(Supplied data)
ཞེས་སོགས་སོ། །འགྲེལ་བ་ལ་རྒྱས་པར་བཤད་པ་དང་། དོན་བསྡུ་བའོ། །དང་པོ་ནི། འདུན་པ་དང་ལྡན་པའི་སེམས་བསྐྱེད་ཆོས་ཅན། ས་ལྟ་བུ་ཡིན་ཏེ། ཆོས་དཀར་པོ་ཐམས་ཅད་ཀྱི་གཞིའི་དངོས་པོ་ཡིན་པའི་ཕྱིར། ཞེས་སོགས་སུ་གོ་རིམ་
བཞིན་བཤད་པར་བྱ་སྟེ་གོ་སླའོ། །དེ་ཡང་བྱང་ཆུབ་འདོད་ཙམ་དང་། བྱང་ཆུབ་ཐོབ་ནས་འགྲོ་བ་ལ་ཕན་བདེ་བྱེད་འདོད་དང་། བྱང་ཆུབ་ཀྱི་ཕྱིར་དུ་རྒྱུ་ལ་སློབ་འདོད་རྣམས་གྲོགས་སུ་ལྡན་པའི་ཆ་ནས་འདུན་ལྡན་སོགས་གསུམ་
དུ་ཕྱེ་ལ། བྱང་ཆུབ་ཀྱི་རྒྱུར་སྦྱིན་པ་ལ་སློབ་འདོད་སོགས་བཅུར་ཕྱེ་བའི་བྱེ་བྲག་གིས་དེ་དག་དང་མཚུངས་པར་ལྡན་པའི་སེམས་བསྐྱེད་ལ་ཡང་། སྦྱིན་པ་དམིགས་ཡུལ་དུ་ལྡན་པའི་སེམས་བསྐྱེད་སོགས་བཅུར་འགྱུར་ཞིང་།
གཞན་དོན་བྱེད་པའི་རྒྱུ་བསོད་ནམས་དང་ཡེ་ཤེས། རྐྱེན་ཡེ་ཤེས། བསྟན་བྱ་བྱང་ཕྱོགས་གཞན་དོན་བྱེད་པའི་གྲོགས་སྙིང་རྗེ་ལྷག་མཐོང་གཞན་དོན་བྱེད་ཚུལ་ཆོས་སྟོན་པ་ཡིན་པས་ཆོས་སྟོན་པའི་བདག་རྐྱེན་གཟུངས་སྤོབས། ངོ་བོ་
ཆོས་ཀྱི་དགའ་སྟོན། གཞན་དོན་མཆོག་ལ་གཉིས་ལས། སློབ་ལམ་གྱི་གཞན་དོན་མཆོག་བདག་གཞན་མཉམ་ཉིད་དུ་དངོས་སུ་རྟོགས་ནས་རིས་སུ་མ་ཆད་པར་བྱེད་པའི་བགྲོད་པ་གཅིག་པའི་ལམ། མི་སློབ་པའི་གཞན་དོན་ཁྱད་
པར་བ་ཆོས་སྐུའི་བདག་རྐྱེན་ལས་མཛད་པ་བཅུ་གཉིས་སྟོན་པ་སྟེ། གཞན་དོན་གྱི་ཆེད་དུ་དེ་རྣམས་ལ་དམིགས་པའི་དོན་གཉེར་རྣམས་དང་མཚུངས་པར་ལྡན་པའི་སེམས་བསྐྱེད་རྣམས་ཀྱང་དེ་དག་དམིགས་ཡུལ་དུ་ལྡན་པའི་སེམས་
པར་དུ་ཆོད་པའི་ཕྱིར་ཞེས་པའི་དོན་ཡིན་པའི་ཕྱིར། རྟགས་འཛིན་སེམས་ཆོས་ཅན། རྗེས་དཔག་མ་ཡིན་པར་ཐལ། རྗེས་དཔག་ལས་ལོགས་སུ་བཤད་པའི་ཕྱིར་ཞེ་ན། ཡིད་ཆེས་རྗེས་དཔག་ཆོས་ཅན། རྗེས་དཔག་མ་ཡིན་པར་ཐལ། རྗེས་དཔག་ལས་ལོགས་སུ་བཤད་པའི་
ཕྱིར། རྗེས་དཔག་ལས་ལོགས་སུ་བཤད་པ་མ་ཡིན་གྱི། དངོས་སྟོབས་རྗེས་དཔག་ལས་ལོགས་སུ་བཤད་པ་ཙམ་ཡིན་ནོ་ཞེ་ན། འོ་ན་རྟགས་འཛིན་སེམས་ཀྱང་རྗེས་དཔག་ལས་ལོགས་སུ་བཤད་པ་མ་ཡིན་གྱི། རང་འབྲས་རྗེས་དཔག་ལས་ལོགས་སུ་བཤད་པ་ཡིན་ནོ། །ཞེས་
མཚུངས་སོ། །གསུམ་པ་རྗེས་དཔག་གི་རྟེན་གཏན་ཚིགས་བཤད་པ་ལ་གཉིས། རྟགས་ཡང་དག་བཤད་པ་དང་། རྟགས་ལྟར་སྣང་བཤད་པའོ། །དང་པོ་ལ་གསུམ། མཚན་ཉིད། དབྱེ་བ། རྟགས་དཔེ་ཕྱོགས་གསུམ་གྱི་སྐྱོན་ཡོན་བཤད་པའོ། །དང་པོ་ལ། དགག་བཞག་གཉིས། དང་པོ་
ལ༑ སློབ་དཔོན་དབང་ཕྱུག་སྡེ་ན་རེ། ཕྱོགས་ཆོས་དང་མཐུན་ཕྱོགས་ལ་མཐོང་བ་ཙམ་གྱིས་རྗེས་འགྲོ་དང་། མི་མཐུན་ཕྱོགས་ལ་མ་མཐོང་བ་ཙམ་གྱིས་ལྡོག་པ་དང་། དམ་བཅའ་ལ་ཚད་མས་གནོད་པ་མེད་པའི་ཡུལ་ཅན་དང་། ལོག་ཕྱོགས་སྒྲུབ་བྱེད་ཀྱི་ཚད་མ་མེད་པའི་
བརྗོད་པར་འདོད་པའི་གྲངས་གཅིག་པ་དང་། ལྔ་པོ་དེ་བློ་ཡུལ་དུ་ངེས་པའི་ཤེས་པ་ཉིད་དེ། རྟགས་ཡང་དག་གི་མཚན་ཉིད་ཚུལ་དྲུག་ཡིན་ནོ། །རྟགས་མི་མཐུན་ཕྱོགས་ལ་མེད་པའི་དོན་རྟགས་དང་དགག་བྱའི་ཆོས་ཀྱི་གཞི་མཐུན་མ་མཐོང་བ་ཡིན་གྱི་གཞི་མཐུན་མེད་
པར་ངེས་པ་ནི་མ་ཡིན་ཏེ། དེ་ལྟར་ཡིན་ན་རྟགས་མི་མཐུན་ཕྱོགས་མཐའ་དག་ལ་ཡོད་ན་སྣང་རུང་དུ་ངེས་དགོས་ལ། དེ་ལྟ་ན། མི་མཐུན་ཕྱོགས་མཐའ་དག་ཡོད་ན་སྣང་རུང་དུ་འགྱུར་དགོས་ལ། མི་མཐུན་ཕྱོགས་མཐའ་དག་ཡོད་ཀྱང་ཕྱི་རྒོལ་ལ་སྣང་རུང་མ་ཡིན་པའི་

(Activity)
Down to the last line, repeat the data exactly.

(Solution to this problem)
ཞེས་སོགས་སོ། །འགྲེལ་བ་ལ་རྒྱས་པར་བཤད་པ་དང་། དོན་བསྡུ་བའོ། །དང་པོ་ནི། འདུན་པ་དང་ལྡན་པའི་སེམས་བསྐྱེད་ཆོས་ཅན། ས་ལྟ་བུ་ཡིན་ཏེ། ཆོས་དཀར་པོ་ཐམས་ཅད་ཀྱི་གཞིའི་དངོས་པོ་ཡིན་པའི་ཕྱིར། ཞེས་སོགས་སུ་གོ་རིམ་
བཞིན་བཤད་པར་བྱ་སྟེ་གོ་སླའོ། །དེ་ཡང་བྱང་ཆུབ་འདོད་ཙམ་དང་། བྱང་ཆུབ་ཐོབ་ནས་འགྲོ་བ་ལ་ཕན་བདེ་བྱེད་འདོད་དང་། བྱང་ཆུབ་ཀྱི་ཕྱིར་དུ་རྒྱུ་ལ་སློབ་འདོད་རྣམས་གྲོགས་སུ་ལྡན་པའི་ཆ་ནས་འདུན་ལྡན་སོགས་གསུམ་
དུ་ཕྱེ་ལ། བྱང་ཆུབ་ཀྱི་རྒྱུར་སྦྱིན་པ་ལ་སློབ་འདོད་སོགས་བཅུར་ཕྱེ་བའི་བྱེ་བྲག་གིས་དེ་དག་དང་མཚུངས་པར་ལྡན་པའི་སེམས་བསྐྱེད་ལ་ཡང་། སྦྱིན་པ་དམིགས་ཡུལ་དུ་ལྡན་པའི་སེམས་བསྐྱེད་སོགས་བཅུར་འགྱུར་ཞིང་།
གཞན་དོན་བྱེད་པའི་རྒྱུ་བསོད་ནམས་དང་ཡེ་ཤེས། རྐྱེན་ཡེ་ཤེས། བསྟན་བྱ་བྱང་ཕྱོགས་གཞན་དོན་བྱེད་པའི་གྲོགས་སྙིང་རྗེ་ལྷག་མཐོང་གཞན་དོན་བྱེད་ཚུལ་ཆོས་སྟོན་པ་ཡིན་པས་ཆོས་སྟོན་པའི་བདག་རྐྱེན་གཟུངས་སྤོབས། ངོ་བོ་
ཆོས་ཀྱི་དགའ་སྟོན། གཞན་དོན་མཆོག་ལ་གཉིས་ལས། སློབ་ལམ་གྱི་གཞན་དོན་མཆོག་བདག་གཞན་མཉམ་ཉིད་དུ་དངོས་སུ་རྟོགས་ནས་རིས་སུ་མ་ཆད་པར་བྱེད་པའི་བགྲོད་པ་གཅིག་པའི་ལམ། མི་སློབ་པའི་གཞན་དོན་ཁྱད་
པར་བ་ཆོས་སྐུའི་བདག་རྐྱེན་ལས་མཛད་པ་བཅུ་གཉིས་སྟོན་པ་སྟེ། གཞན་དོན་གྱི་ཆེད་དུ་དེ་རྣམས་ལ་དམིགས་པའི་དོན་གཉེར་རྣམས་དང་མཚུངས་པར་ལྡན་པའི་སེམས་བསྐྱེད་རྣམས་ཀྱང་དེ་དག་དམིགས་ཡུལ་དུ་ལྡན་པའི་སེམས་
པར་དུ་ཆོད་པའི་ཕྱིར་ཞེས་པའི་དོན་ཡིན་པའི་ཕྱིར། རྟགས་འཛིན་སེམས་ཆོས་ཅན། རྗེས་དཔག་མ་ཡིན་པར་ཐལ། རྗེས་དཔག་ལས་ལོགས་སུ་བཤད་པའི་ཕྱིར་ཞེ་ན། ཡིད་ཆེས་རྗེས་དཔག་ཆོས་ཅན། རྗེས་དཔག་མ་ཡིན་པར་ཐལ། རྗེས་དཔག་ལས་ལོགས་སུ་བཤད་པའི་
ཕྱིར། རྗེས་དཔག་ལས་ལོགས་སུ་བཤད་པ་མ་ཡིན་གྱི། དངོས་སྟོབས་རྗེས་དཔག་ལས་ལོགས་སུ་བཤད་པ་ཙམ་ཡིན་ནོ་ཞེ་ན། འོ་ན་རྟགས་འཛིན་སེམས་ཀྱང་རྗེས་དཔག་ལས་ལོགས་སུ་བཤད་པ་མ་ཡིན་གྱི། རང་འབྲས་རྗེས་དཔག་ལས་ལོགས་སུ་བཤད་པ་ཡིན་ནོ། །ཞེས་
མཚུངས་སོ། །གསུམ་པ་རྗེས་དཔག་གི་རྟེན་གཏན་ཚིགས་བཤད་པ་ལ་གཉིས། རྟགས་ཡང་དག་བཤད་པ་དང་། རྟགས་ལྟར་སྣང་བཤད་པའོ། །དང་པོ་ལ་གསུམ། མཚན་ཉིད། དབྱེ་བ། རྟགས་དཔེ་ཕྱོགས་གསུམ་གྱི་སྐྱོན་ཡོན་བཤད་པའོ། །དང་པོ་ལ། དགག་བཞག་གཉིས། དང་པོ་
ལ༑ སློབ་དཔོན་དབང་ཕྱུག་སྡེ་ན་རེ། ཕྱོགས་ཆོས་དང་མཐུན་ཕྱོགས་ལ་མཐོང་བ་ཙམ་གྱིས་རྗེས་འགྲོ་དང་། མི་མཐུན་ཕྱོགས་ལ་མ་མཐོང་བ་ཙམ་གྱིས་ལྡོག་པ་དང་། དམ་བཅའ་ལ་ཚད་མས་གནོད་པ་མེད་པའི་ཡུལ་ཅན་དང་། ལོག་ཕྱོགས་སྒྲུབ་བྱེད་ཀྱི་ཚད་མ་མེད་པའི་
བརྗོད་པར་འདོད་པའི་གྲངས་གཅིག་པ་དང་། ལྔ་པོ་དེ་བློ་ཡུལ་དུ་ངེས་པའི་ཤེས་པ་ཉིད་དེ། རྟགས་ཡང་དག་གི་མཚན་ཉིད་ཚུལ་དྲུག་ཡིན་ནོ། །རྟགས་མི་མཐུན་ཕྱོགས་ལ་མེད་པའི་དོན་རྟགས་དང་དགག་བྱའི་ཆོས་ཀྱི་གཞི་མཐུན་མ་མཐོང་བ་ཡིན་གྱི་གཞི་མཐུན་མེད་
པར་ངེས་པ་ནི་མ་ཡིན་ཏེ། དེ་ལྟར་ཡིན་ན་རྟགས་མི་མཐུན་ཕྱོགས་མཐའ་དག་ལ་ཡོད་ན་སྣང་རུང་དུ་ངེས་དགོས་ལ། དེ་ལྟ་ན། མི་མཐུན་ཕྱོགས་མཐའ་དག་ཡོད་ན་སྣང་རུང་དུ་འགྱུར་དགོས་ལ། མི་མཐུན་ཕྱོགས་མཐའ་དག་ཡོད་ཀྱང་ཕྱི་རྒོལ་ལ་སྣང་རུང་མ་ཡིན་པའི་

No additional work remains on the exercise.